EXERCISE DIRECTIONS: Omit every picture and return the rest of the data unaltered.

(Records drawn from a dataset)
^^^^^^^^^^^^^^^^

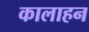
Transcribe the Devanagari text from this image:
कालाहन
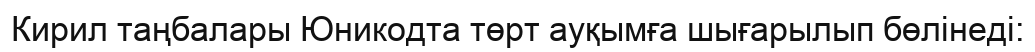
Кирил таңбалары Юникодта төрт ауқымға шығарылып бөлінеді:
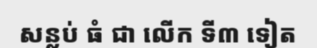
សន្លប់ ធំ ជា លើក ទី៣ ទៀត
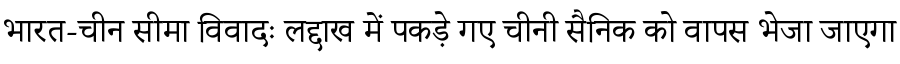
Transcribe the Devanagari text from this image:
भारत-चीन सीमा विवादः लद्दाख में पकड़े गए चीनी सैनिक को वापस भेजा जाएगा
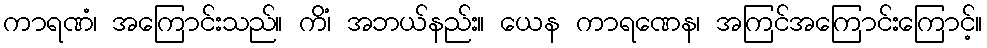
ကာရဏံ၊ အကြောင်းသည်။ ကိံ၊ အဘယ်နည်း။ ယေန ကာရဏေန၊ အကြင်အကြောင်းကြောင့်။
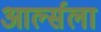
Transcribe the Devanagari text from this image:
आर्ल्सला

^^^^^^^^^^^^^^^^

RESPONSE AREA:
Transcribe the Devanagari text from this image:
कालाहन
Кирил таңбалары Юникодта төрт ауқымға шығарылып бөлінеді:
សន្លប់ ធំ ជា លើក ទី៣ ទៀត
Transcribe the Devanagari text from this image:
भारत-चीन सीमा विवादः लद्दाख में पकड़े गए चीनी सैनिक को वापस भेजा जाएगा
ကာရဏံ၊ အကြောင်းသည်။ ကိံ၊ အဘယ်နည်း။ ယေန ကာရဏေန၊ အကြင်အကြောင်းကြောင့်။
Transcribe the Devanagari text from this image:
आर्ल्सला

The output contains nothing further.